Strings are stored in a compact representation, with the header first (which includes the number of strings stored), followed by the strings. Each string is encoded in a length-prefixed format. The size of the string is written first (4 bytes unsigned integer), then the characters of the string

┌─────────────────────────┬─────────────────────────┬───────┬─────────────────────────┐
│ Strings header          │ String 0                │ ..... │ String N                │
└─────────────────────────┴─────────────────────────┴───────┴─────────────────────────┘
                          │[size][characters]       │       │[size][characters]       │

Detailed design

File header (32 bytes)

Name Offset Size (bytes) Type Comments
Magic number 0 4 0x00 0x4C 0x4F 0x58 Identifies the file
CRC 4 4 uint32_t CRC32 checksum of full file
Version major 8 1 uint8_t Major version number
Version minor 9 1 uint8_t Minor version number
Version patch 10 1 uint8_t Patch version number
Number of chunks 11 2 uint16_t Count of chunks
Chunk start offset 13 4 uint32_t Offset to first chunk
Global table offset 17 4 uint32_t Offset to global symbol table
Strings offset 21 4 uint32_t Offset to string pool
File size 25 4 uint32_t Total size of file header + bytecode + strings + globals
Reserved 29 3 Reserved Reserved for future use

Chunk

Chunk header (24 bytes)

Name Offset Size (bytes) Type Comments
Type 0 1 char Chunk identifier, set to 'F'
Function name index 1 4 uint32_t Index into constant strings
Arity 5 1 uint8_t Number of function arguments
Upvalue count 6 2 uint16_t Number of upvalues
Constant pool size 8 2 uint16_t Size of constant pool
Code length 10 4 uint32_t Length of bytecode instructions
Debug info present 14 1 uint8_t 1 if debug info present, 0 if not
ID 15 4 uint32_t Internal identifier of the chunk
Reserved 19 5 Reserved Reserved for future use

Constant pool (variable size)

The constant pool contains 0 or more constants used by the function, they are stored as 9 byte records

Name Offset Size (bytes) Type Comments
Type 0 1 uint8_t Constant type identifier
Value 1 8 varies Constant value (depends upon the type)

Each constant used is stored as a fixed record, the total size of the constant pool is calculated by multiplying the constant pool size (from chunk header) with 9 bytes.

Bytecode instructions (variable size)

Contains the compiled bytecode of this chunk, that needs to be executed.
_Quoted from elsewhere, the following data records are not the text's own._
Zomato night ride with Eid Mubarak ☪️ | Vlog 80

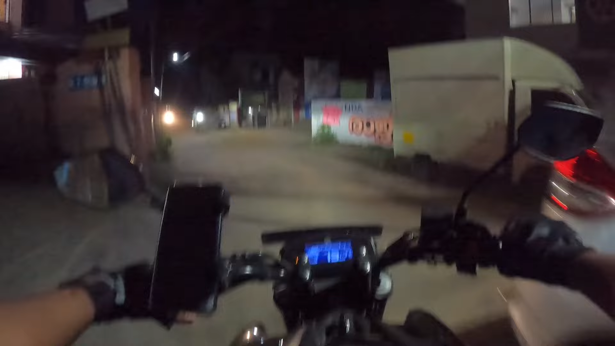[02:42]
അപ്പോൾ എന്നാലും വിഷയമില്ല. ഓക്കെ, ലൊക്കേഷൻ എത്താറായി. ഇവിടെ റൈറ്റ് ആണ്. ദേവുടാ ദേവുടാ ഏഴുമല്ല ദേവുടാ, ഡിങ്കിടക്ക് ഡിങ്കിടക്ക്.
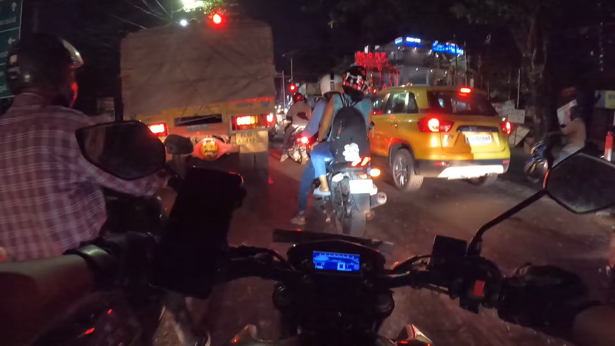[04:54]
ഈ മരത്തിൽ കംപ്ലീറ്റ് കാക്കയാണ്. അപ്പോൾ ഇവിടെ നിൽക്കും പോയി കാക്ക കംപ്ലീറ്റ് മോളിൽ നിന്ന് ഒരു സംഭവം കാണിക്കുകയാണ്. അത് നമ്മൾ ദേഹത്തെ വീണത് കറക്റ്റായിട്ട്.
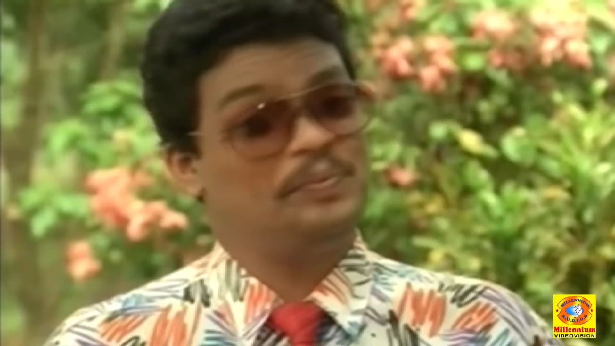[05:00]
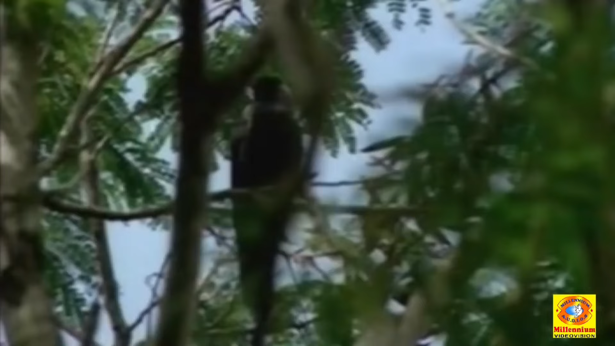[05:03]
അപ്പം അതുകൊണ്ട് സൂക്ഷിച്ച് നിൽക്കണം. ഓർഡർ അടിച്ചാ ഇല്ലേ? ഓക്കെ, അടുത്ത ഓർഡർ അടിച്ചിട്ടുണ്ട്, കുമാർ കഫേയിലാണ്.
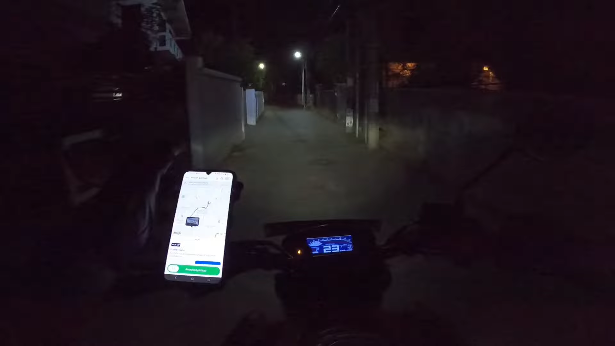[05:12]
അപ്പോൾ ഇപ്പോഴത്തെ ഓർഡറിന് ടിപ്പുണ്ട് 30 രൂപ. താങ്ക് യു. ഇപ്പോൾ ഇവിടെ നിന്ന് 1 കിലോമീറ്റർ ദൂരമുണ്ട് കുമാർ കഫേ. കുമാർ കഫേയിൽ പോയി 1.5 മണിക്കൂർ ലേറ്റ് ആവുമല്ലോ. ഇവിടെ കണ്ണേറ്റ് പോകാത്ത കോലുത്സവമാണ്, ഭദ്രകാളി കോലുത്സവം.
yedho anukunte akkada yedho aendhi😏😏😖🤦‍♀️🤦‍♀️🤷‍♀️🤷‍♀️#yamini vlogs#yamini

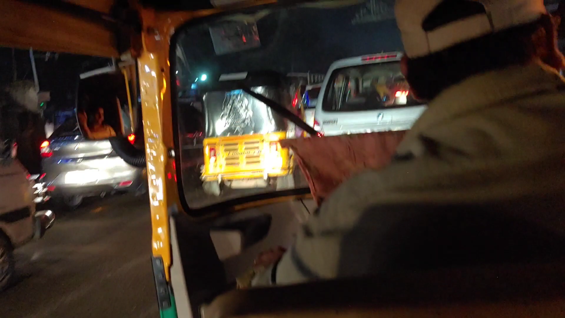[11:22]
అసలు అస్సలు కదలట్లేదు ఆటో, ఏమాత్రం కూడా కదలట్లేదు. కొంచెం టైమే పడుతుంది, మాట్లాడదామంటే వినిపించట్లేదు ఆ హారన్ సౌండ్స్.
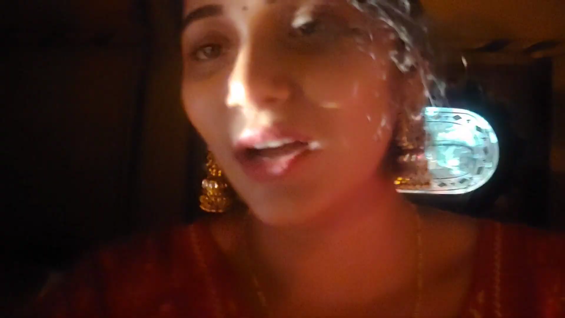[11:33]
మీకు మీకు వినిపిస్తుందో లేదో కూడా తెలీదు నాకు. అండ్ ఇంకోటి ఏంటంటే చాలా ఎక్స్పెక్ట్ చేసి వెళ్ళాము, చాలా ఎక్స్పెక్ట్ చేసి వెళ్ళాను నేనైతే.
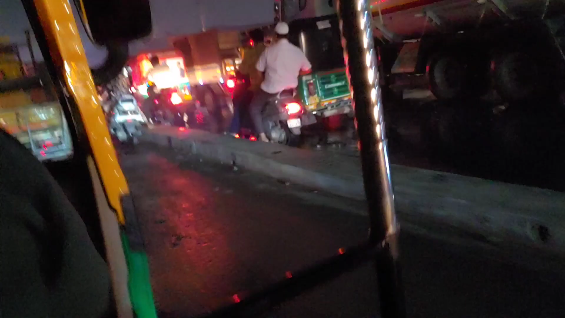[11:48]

Stored as a sequence of bytes, the number of instructions is stored in the chunk header.

Debug info (variable size, optional)

Name Offset Size (bytes) Type Comments
Number of pairs 0 4 uint32_t Count of offset/line number pairs
Offset/Line pairs 4 variable varies Sequence of offset/line pairs

Each offset/line pair is 8 bytes:

  • Bytecode offset (4 bytes, uint32_t)
  • Line number (4 bytes, uint32_t)

The total size of debug info can be calculated by multiplying the number of pairs with 8 bytes

Symbol table

Symbol table header (4 bytes)

Name Offset Size (bytes) Type Comments
Size 0 2 uint16_t Number of entries in global table
Reserved 2 2 Reserved Reserved

Values (variable size)

The global symbol table contains 0 or more global values used by any function in the program, they are stored as 8 byte records

Name Offset Size (bytes) Type Comments
Name 0 4 uint32_t String index for symbol name
Is const 4 1 uint8_t 1 indicates the name is const, 0 means no
Reserved 5 3 Reserved Reserved for future use

The total size of the symbol table can be found by multiplying size (from header) with 8 bytes

Strings

String header (8 bytes)

Name Offset Size (bytes) Type Comments
Size 0 4 uint32_t Number of strings stored
String values size 4 8 uint32_t Number of bytes of string data stored (including this header (+8 bytes))

String values (variable size)

Each string is stored as a length-prefixed value:

Name Size (bytes) Type Comments
Length 4 uint32_t Size of string in bytes
Characters variable char[] String data

Strings are stored sequentially from string 0 to string N, where N is determined by the size field in the string header.

Value types

Type Byte
NIL 'N'
BOOLEAN 'B'
REAL 'R'
INT 'I'
ObjectString 'S'
ObjectFunction 'F'